|Title:||Fantasia En Concerto|
|Year(s) of release:||2003|
|Month of review:||[04/2004]|
|1)||Intro Terra Hoxe||0.46|
|3)||Passage Terra I||0.28|
|5)||Passage Terra II||0.52|
|7)||Passage Terra III||0.53|
|9)||Passage Terra IV||1.00|
|10)||D´sir De Liberté (E. 14)||5.18 MP3|
|11)||Passage Terra V||1.05|
|13)||Passage Terra VI||1.58|
|15)||Terra Hoxe Final||2.33|
|16)||Quién Eres Tú||6.44|
Intro Terra Hoxe is the short opener, which displays a symphonic and classical air. There is even some cello in here, which is always nice. Too bad the drums sound programmed (a drummer is present, so I guess he simply uses electronic drums). We move right into the L'Over which exhibits a very strong bass presence, reminiscent of Pink Floyd's One Of These Days. There is plenty of bounce and drive in this one, the bounce coming from the bass, the drive from the guitar. Some of the melodies are nice, but not all of them, sometimes they get to be a bit too sugary.

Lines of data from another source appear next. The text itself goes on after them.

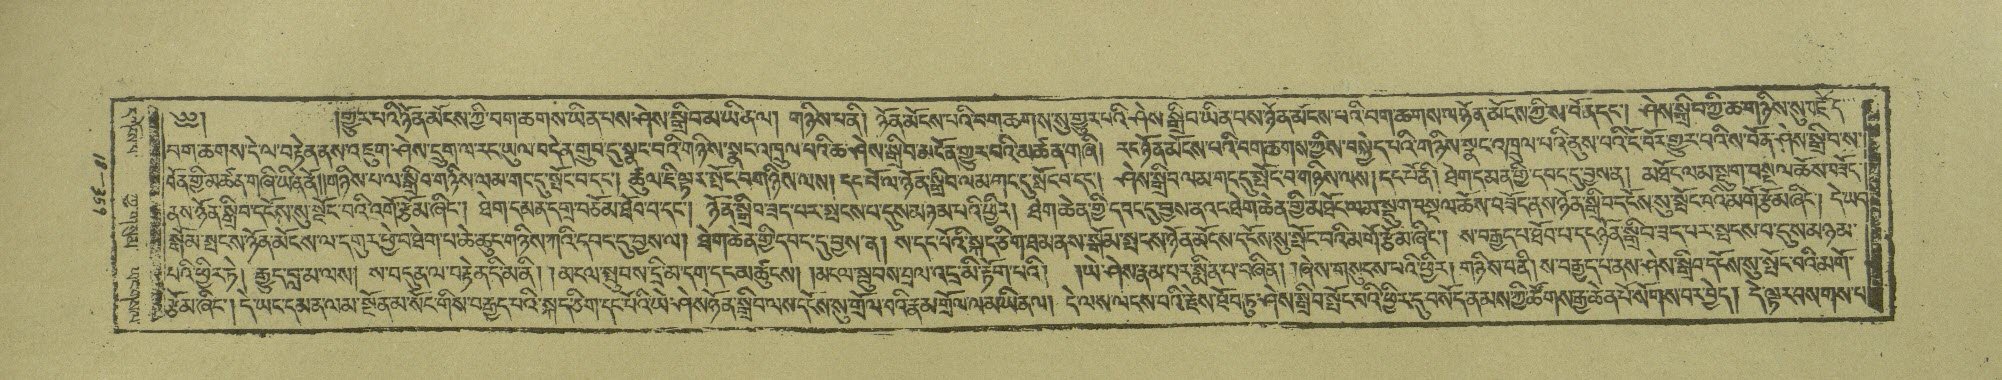༄༅། །གྱུར་པའི་ཉོན་མོངས་ཀྱི་བག་ཆགས་ཡིན་པས་ཤེས་སྒྲིབ་མ་ཡིན་ལ། གཉིས་པ་ནི། ཉོན་མོངས་པའི་བག་ཆགས་སུ་གྱུར་པའི་ཤེས་སྒྲིབ་ཡིན་པས་ཉོན་མོངས་པའི་བག་ཆགས་ལ་ཉོན་མོངས་ཀྱི་ས་བོན་དང་། ཤེས་སྒྲིབ་ཀྱི་ཆ་གཉིས་སུ་ཡོད།
བག་ཆགས་དེ་ལ་བརྟེན་ནས་འཇུག་ཤེས་དྲུག་ལ་རང་ཡུལ་བདེན་གྲུབ་དུ་སྣང་བའི་གཉིས་སྣང་འཁྲུལ་པའི་ཆ་ཤེས་སྒྲིབ་མངོན་གྱུར་པའི་མཚན་གཞི། རང་ཉོན་མོངས་པའི་བག་ཆགས་ཀྱིས་བསྐྱེད་པའི་གཉིས་སྣང་འཁྲུལ་པའི་ནུས་པའི་ངོ་བོར་གྱུར་པའི་ས་བོན་ཤེས་སྒྲིབ་ས་
བོན་གྱི་མཚན་གཞི་ཡིན་ནོ། །གཉིས་པ་ལ་སྒྲིབ་གཉིས་ལམ་གང་དུ་སྤོང་བ་དང་། ཚུལ་ཇི་ལྟར་སྤོང་བ་གཉིས་ལས། དང་པོ་ལ་ཉོན་སྒྲིབ་ལམ་གང་དུ་སྤོང་བ་དང་། ཤེས་སྒྲིབ་ལམ་གང་དུ་སྤོང་བ་གཉིས་ལས། དང་པོ་ནི། ཐེག་དམན་གྱི་དབང་དུ་བྱས་ན། མཐོང་ལམ་སྡུག་བསྔལ་ཆོས་བཟོད་
ནས་ཉོན་སྒྲིབ་དངོས་སུ་སྤོང་བའི་འགོ་རྩོམ་ཞིང་། ཐེག་དམན་དགྲ་བཅོམ་ཐོབ་པ་དང་། ཉོན་སྒྲིབ་ཟད་པར་སྤངས་པ་དུས་མཉམ་པའི་ཕྱིར། ཐེག་ཆེན་གྱི་དབང་དུ་བྱས་ནའང་ཐེག་ཆེན་གྱི་མཐོང་ལམ་སྡུག་བསྔལ་ཆོས་བཟོད་ནས་ཉོན་སྒྲིབ་དངོས་སུ་སྤོང་བའི་མགོ་རྩོམ་ཞིང་། དེ་ཡང་
སྒོམ་སྤངས་ཉོན་མོངས་ལ་དགུར་ཕྱེ་བ་ཐེག་པ་ཆེན་ཆུང་གཉིས་ཀའི་དབང་དུ་བྱས་ལ། ཐེག་ཆེན་གྱི་དབང་དུ་བྱས་ན། ས་དང་པོའི་སྐད་ཅིག་ཐ་མ་ནས་སྒོམ་སྤངས་ཉོན་མོངས་དངོས་སུ་སྤོང་བའི་མགོ་རྩོམ་ཞིང་། ས་བརྒྱད་པ་ཐོབ་པ་དང་ཉོན་སྒྲིབ་ཟད་པར་སྤངས་པ་དུས་མཉམ་
པའི་ཕྱིར་ཏེ། རྒྱུད་བླ་མ་ལས། ས་བདུན་ལ་བརྟེན་དྲི་མ་ནི། །མངལ་སྦུབས་དྲི་མ་དག་དང་མཚུངས། །མངལ་སྤུབས་བྲལ་འདྲ་མི་རྟོག་པའི། །ཡེ་ཤེས་རྣམ་པར་སྨིན་པ་བཞིན། །ཞེས་གསུངས་པའི་ཕྱིར། གཉིས་པ་ནི། ས་བརྒྱད་པ་ནས་ཤེས་སྒྲིབ་དངོས་སུ་སྤོང་བའི་མགོ་
རྩོམ་ཞིང་། དེ་ཡང་དམན་ལམ་སྔོན་མ་སོང་གིས་བརྒྱད་པའི་སྐད་ཅིག་དང་པོའི་ཡེ་ཤེས་ཉོན་སྒྲིབ་ལས་དངོས་སུ་གྲོལ་བའི་རྣམ་གྲོལ་ལམ་ཡིན་ལ། དེ་ལས་ལངས་པའི་རྗེས་ཐོབ་ཏུ་ཤེས་སྒྲིབ་སྤོང་བའི་ཕྱིར་དུ་བསོད་ནམས་ཀྱི་ཚོགས་རྒྱ་ཆེན་པོ་སོགས་པར་བྱེད། དེ་ལྟར་བསགས་པ་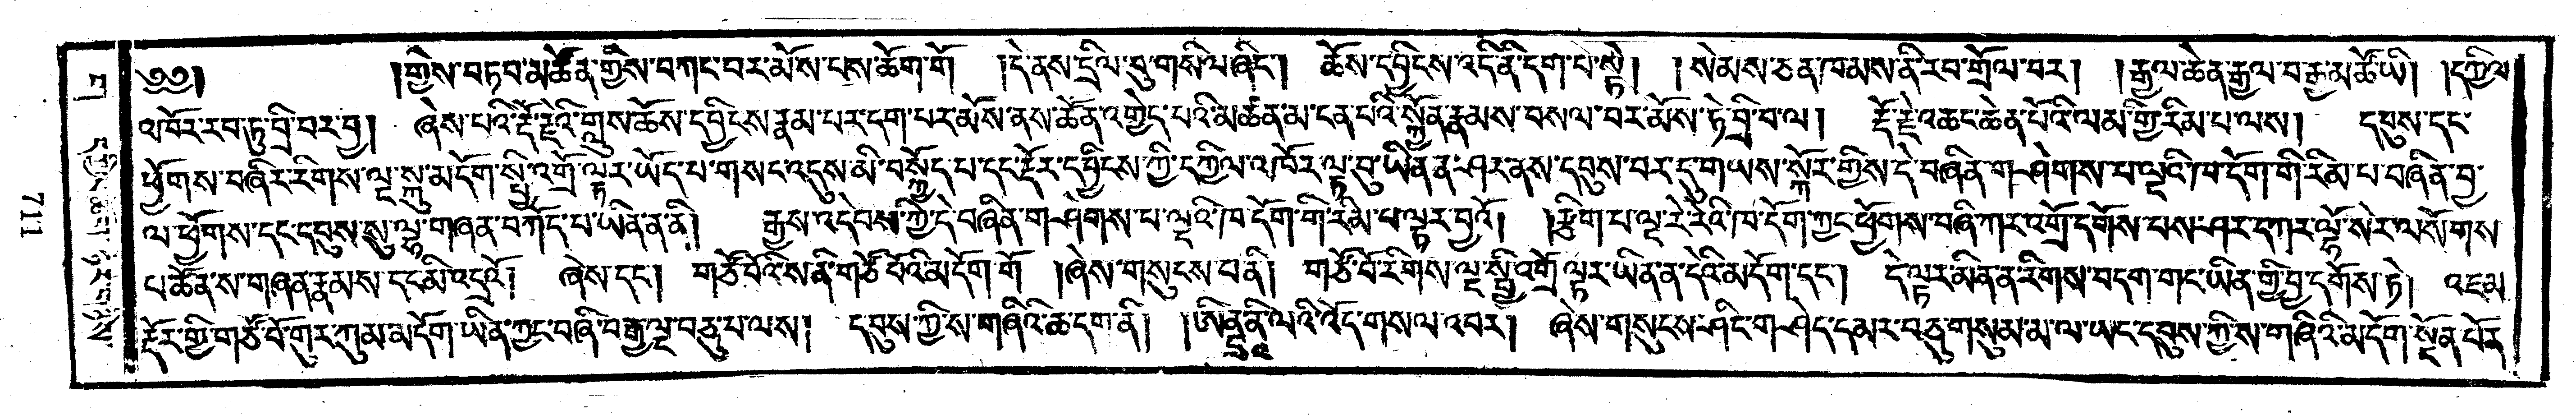༄༅། །གྱིས་བཏབ་མཚོན་གྱིས་བཀང་བར་མོས་པས་ཆོག་གོ །དེ་ནས་དྲིལ་བུ་གསིལ་ཞིང་། ཆོས་དབྱིངས་འདི་ནི་དག་པ་སྟེ། །སེམས་ཅན་ཁམས་ནི་རབ་གྲོལ་བར། །རྒྱལ་ཆེན་རྒྱལ་བ་རྒྱ་མཚོ་ཡི། །དཀྱིལ་
འཁོར་རབ་ཏུ་བྲི་བར་བྱ། ཞེས་པའི་རྡོ་རྗེའི་གླུས་ཆོས་དབྱིངས་རྣམ་པར་དག་པར་མོས་ནས་ཚོན་འགྱེད་པའི་མཚན་མ་ངན་པའི་སྐྱོན་རྣམས་བསལ་བར་མོས་ཏེ་བྲི་བ་ལ། རྡོ་རྗེ་འཆང་ཆེན་པོའི་ལམ་གྱི་རིམ་པ་ལས། དབུས་དང་
ཕྱོགས་བཞིར་རིགས་ལྔ་སྐུ་མདོག་སྤྱི་འགྲོ་ལྟར་ཡོད་པ་གསང་འདུས་མི་བསྐྱོད་པ་དང་རྡོར་དབྱིངས་ཀྱི་དཀྱིལ་འཁོར་ལྟ་བུ་ཡིན་ན་ཤར་ནས་དབུས་བར་དུ་གཡས་སྐོར་གྱིས་དེ་བཞིན་གཤེགས་པ་ལྔའི་ཁ་དོག་གི་རིམ་པ་བཞིན་བྱ་
ལ་ཕྱོགས་དང་དབུས་སུ་ལྷ་གཞན་བཀོད་པ་ཡིན་ན་ནི། རྒྱས་འདེབས་ཀྱི་དེ་བཞིན་གཤེགས་པ་ལྔའི་ཁ་དོག་གི་རིམ་པ་ལྟར་བྱའོ། །རྩིག་པ་ལྔ་རེ་རེའི་ཁ་དོག་ཀྱང་ཕྱོགས་བཞི་ཀར་འགྲོ་དགོས་པས་ཤར་དཀར་ལྷོ་སེར་ལ་སོགས་
པ་ཚོན་ས་གཞན་རྣམས་དང་མི་འདྲའོ། ཞེས་དང་། གཙོ་བོའི་ས་ནི་གཙོ་བོའི་མདོག་གོ །ཞེས་གསུངས་བ་ནི། གཙོ་བོ་རིགས་ལྔ་སྤྱི་འགྲོ་ལྟར་ཡིན་ན་དེའི་མདོག་དང་། དེ་ལྟར་མིན་ན་རིགས་བདག་གང་ཡིན་གྱི་བྱ་དགོས་ཏེ། འཇམ་
རྡོར་གྱི་གཙོ་བོ་གུར་ཀུམ་མདོག་ཡིན་ཀྱང་བཞི་བརྒྱ་ལྔ་བཅུ་པ་ལས། དབུས་ཀྱི་ས་གཞིའི་ཆ་དག་ནི། །ཨིནྡྲ་ནཱི་ལའི་འོད་གསལ་འབར། ཞེས་གསུངས་ཤིང་གཤེད་དམར་བཅུ་གསུམ་མ་ལ་ཡང་དབུས་ཀྱི་ས་གཞིའི་མདོག་སྔོན་པོར་

After the next short interlude, Passage Terra I, where the classical sounds (strings) ride high again. It has to be said, that these parts are really interlude. There is nothing song like about them: they start, they proceed, they end, after which we come one of the songs again, which really sound as such. Antique Song is another such song. Again the melodic material borders on triteness, it is all a bit too obvious for my tastes. It also does not help that the guitars are mixed way back, while the more sterile keys lie on top of it all. This may be a consequence of a lack of good recording facilities and/or money, but it does not help me liking the music. In addition, some of the transitions come over as rather unnatural to me. Comparisons can be made to bands such as The Enid and maybe a bit of Mike Oldfield.
Passage Terra II is a somewhat longer interlude in which influences from classically oriented Hollywood soundtracks ride high. The result sounds a bit tinny. Geomelodysong continues the line of the previous songs with a bouncy gait and rather heavy on the percussion. Again, the drums sound triggered and unnatural. The church organ takes the lead here, but the result is still very much a jumble of melodies.
With Relmu Tromen we seem to arrive in Floydian territory, a laid back atmosphere is created. The synths try to build an orchestral feel, but the sound is recognizably artificial, in fact the music seems at times more like electronic music, than symphonic rock. The guitar belies this however, by incoporating a strong Floyd feel and a touch of Karda Estra when the choir vocals set in. Still, Hyacintus has a hard time keeping the fluency in the music; to me it seems too much a constructed thing. The pace does set in towards the end of this part, but still...
Passage Terra IV is a more uplifting orchestral piece after which it is time for D´sir De Liberté (E. 14). This track has the most players on them, which might do the chemistry some good. Contrary to my expectations this is not the same music, but played with more people. Hyacintus has decided to make this into a rather estranging piece with quite a bit of nervous expectation and tension involved. The result is certainly the best I have heard so far, especially the tense quick runs, flowing later into some good melodic guitar work.
With the next interlude we are moved again into John Williams territory, and sounding a bit more natural now. Intimo follows right up, but does not really bring in anything new. White Mind is the longest track on the album., with some relaxed Floydian guitar striding across a woolly carpet of keys. Some parts are quite stately and the melodies are fine.
Quién Eres Tú is the closer and the only real vocal track. They do help in making the song more likable, the language is well suited for introducing the necessary emotionality, something which I have been sorely missing. In fact, this final track is the first real rock track, with the (hard rock?) vocalist going full out.